The blueprint lays out clear steps, such as creating mission statements, organizational charts, and job descriptions. But hospitals, like any organization or business, need leadership to accomplish change. Bradley says, "For us, the hospital CEO implements the plan — but in Ethiopia, the role of CEO did not exist in hospitals, so there were limited management and leadership capacities inside the hospital." As part of the blueprint, there are new financial structures, even in some cases, global budgets that hospitals have greater control over. "It is a real change for them to really be thinking managerially at the hospital level — and entrepreneurially — 'How can we use our resources more efficiently?' It's a different mindset."

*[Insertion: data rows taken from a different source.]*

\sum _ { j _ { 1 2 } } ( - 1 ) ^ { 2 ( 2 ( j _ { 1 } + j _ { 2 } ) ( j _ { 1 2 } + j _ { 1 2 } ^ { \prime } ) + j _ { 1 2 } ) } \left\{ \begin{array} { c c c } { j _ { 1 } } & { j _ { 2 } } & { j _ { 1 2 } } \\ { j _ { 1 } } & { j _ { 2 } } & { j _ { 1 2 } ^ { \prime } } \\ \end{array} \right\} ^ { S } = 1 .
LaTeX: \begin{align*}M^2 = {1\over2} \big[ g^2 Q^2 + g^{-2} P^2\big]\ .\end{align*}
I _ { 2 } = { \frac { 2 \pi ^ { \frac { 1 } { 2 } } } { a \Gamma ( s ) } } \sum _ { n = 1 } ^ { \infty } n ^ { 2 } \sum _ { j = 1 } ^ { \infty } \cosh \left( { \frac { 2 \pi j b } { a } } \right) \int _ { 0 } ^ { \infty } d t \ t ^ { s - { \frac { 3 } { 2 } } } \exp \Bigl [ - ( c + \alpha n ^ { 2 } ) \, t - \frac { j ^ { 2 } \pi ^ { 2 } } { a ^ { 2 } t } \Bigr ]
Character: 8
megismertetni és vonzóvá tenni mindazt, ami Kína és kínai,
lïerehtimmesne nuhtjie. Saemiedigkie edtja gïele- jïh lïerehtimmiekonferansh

"Medical directors are not businesspeople; they're doctors and nurses," she adds. "And then there's an administrator who's the bookkeeper. So there was limited strategy in management."
This year Yale and Jimma University in Ethiopia have partnered to establish a master's in hospital administration program. The two-year, executive-style program will support the new CEOs at about 30 selected hospitals.

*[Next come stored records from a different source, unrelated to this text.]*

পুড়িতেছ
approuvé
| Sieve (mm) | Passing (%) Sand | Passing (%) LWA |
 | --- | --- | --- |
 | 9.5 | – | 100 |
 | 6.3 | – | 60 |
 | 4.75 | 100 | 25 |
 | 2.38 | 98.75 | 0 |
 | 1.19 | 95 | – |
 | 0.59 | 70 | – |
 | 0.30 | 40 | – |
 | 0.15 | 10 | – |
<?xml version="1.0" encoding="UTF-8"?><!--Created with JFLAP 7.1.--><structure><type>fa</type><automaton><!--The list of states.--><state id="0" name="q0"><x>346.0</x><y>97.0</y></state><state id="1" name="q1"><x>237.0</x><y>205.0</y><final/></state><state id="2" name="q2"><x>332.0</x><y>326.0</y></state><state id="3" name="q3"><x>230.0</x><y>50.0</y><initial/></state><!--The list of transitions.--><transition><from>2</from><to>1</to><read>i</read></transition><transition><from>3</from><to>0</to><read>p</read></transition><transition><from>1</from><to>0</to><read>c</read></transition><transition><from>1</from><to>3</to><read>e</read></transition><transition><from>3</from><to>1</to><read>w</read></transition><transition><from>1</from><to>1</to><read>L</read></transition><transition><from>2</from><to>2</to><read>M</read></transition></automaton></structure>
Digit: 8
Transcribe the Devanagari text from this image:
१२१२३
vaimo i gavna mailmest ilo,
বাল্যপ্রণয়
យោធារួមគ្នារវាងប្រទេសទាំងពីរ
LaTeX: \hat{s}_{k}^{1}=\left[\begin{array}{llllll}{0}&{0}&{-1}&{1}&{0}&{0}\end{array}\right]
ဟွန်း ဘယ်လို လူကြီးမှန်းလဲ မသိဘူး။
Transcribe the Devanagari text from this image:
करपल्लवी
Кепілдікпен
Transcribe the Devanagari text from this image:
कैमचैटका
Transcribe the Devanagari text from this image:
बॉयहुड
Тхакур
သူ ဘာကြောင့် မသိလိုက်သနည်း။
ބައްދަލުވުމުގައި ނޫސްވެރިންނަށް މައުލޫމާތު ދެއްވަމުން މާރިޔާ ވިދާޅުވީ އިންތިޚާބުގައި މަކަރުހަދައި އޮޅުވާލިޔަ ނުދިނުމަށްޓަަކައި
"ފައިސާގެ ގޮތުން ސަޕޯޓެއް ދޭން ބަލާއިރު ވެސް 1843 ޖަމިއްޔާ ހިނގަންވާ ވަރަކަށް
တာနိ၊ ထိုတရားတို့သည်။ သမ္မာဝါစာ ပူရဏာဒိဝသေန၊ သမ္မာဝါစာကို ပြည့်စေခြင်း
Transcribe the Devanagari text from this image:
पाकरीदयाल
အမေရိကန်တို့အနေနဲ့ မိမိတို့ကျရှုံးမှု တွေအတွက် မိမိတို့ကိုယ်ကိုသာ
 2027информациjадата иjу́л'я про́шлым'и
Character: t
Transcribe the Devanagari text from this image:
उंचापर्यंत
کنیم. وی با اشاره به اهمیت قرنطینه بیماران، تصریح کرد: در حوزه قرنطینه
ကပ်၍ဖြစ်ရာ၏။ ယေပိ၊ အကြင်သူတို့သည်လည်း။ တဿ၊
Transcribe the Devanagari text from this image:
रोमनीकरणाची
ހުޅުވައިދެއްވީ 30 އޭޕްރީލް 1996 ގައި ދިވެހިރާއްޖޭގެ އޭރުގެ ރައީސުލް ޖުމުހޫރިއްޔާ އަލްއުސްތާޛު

Sosena Kebede, a physician who holds faculty appointments at Yale and Jimma University, is directing the program. "This program will provide a much needed focus on healthcare/hospital management that has never existed before," Kebede says. "If we do our jobs well on this program, we will create motivated and empowered leaders whose sole job description will be to attend to and drastically transform the sad state of affairs our hospitals are found in currently."
Even with the blueprint and training for the new CEOs, hospitals must find ways to make the project their own, according to Temitayo Ifafore YC '03, one of the regional directors of the EHMI. "While some hospitals were able to make significant progress with little intervention, most needed time to digest the content of the changes we were suggesting. Those who were given the time to critique, dismantle, and reassemble the management concepts to fit their local circumstances became the greatest supporters of the initiative." This has given Ifafore a sense of how difficult the process will be. "In every country a comprehensive healthcare system takes decades to develop. Therefore patience is key."
Bradley points to measureable gains after EHMI's first year, but says she remains aware of ongoing and upcoming challenges. "We tracked 100 management structures that we had identified as central to good hospital management — if you have these, you're doing well. On 40 of them, we actually had substantial improvement; 60 of them were, 'Well, we've still got work to do.' But we didn't slide back on many, even as we moved forward on 40 of them.
"The goal of the minister of health is over five years to get every hospital in the country to have a CEO and have come up to standard with the blueprint. We'll see if we can help them achieve that goal."